Working data
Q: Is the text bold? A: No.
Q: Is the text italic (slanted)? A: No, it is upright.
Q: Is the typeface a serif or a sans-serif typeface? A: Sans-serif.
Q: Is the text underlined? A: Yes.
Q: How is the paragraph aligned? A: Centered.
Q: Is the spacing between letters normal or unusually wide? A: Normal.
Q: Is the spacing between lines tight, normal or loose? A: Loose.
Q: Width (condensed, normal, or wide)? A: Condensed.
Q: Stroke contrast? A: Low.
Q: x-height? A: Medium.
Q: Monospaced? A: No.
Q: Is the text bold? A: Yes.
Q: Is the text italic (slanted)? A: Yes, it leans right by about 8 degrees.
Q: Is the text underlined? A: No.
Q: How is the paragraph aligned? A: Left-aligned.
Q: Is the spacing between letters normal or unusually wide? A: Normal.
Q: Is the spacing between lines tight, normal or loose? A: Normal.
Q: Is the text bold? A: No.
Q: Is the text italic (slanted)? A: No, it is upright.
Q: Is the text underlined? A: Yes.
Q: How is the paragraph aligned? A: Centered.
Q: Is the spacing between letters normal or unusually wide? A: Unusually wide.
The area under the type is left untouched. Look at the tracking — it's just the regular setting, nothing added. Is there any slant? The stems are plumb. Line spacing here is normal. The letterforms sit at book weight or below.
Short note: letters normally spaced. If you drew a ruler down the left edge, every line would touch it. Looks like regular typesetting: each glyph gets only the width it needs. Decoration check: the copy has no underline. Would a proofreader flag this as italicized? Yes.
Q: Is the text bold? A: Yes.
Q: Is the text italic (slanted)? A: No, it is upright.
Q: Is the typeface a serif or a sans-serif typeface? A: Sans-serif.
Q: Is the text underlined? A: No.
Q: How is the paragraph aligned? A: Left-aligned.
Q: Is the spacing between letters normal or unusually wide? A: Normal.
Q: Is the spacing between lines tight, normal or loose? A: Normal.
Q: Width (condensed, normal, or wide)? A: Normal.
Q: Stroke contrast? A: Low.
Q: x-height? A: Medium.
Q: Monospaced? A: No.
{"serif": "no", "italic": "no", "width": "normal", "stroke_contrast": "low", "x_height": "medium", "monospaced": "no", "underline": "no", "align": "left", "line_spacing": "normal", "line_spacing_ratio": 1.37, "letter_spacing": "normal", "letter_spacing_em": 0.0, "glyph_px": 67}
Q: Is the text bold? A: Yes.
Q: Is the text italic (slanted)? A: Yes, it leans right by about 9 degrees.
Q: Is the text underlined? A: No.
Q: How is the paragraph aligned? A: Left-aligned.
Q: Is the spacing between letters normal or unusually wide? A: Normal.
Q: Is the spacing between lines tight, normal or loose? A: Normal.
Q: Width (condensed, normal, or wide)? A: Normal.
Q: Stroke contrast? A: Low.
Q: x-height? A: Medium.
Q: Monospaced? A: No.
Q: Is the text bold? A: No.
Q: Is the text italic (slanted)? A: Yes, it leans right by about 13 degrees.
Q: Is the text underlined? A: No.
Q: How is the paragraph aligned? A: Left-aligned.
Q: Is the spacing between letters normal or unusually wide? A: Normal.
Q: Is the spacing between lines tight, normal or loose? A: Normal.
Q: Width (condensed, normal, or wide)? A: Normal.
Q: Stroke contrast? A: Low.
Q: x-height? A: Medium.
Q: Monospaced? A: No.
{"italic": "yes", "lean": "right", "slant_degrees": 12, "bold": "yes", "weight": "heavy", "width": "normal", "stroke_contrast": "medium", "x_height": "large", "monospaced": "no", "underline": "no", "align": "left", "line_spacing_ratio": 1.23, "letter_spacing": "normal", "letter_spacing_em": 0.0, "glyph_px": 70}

What you should do
Work out the count of lines in the data above containing the string "leans". Give it alone.

The completed task
3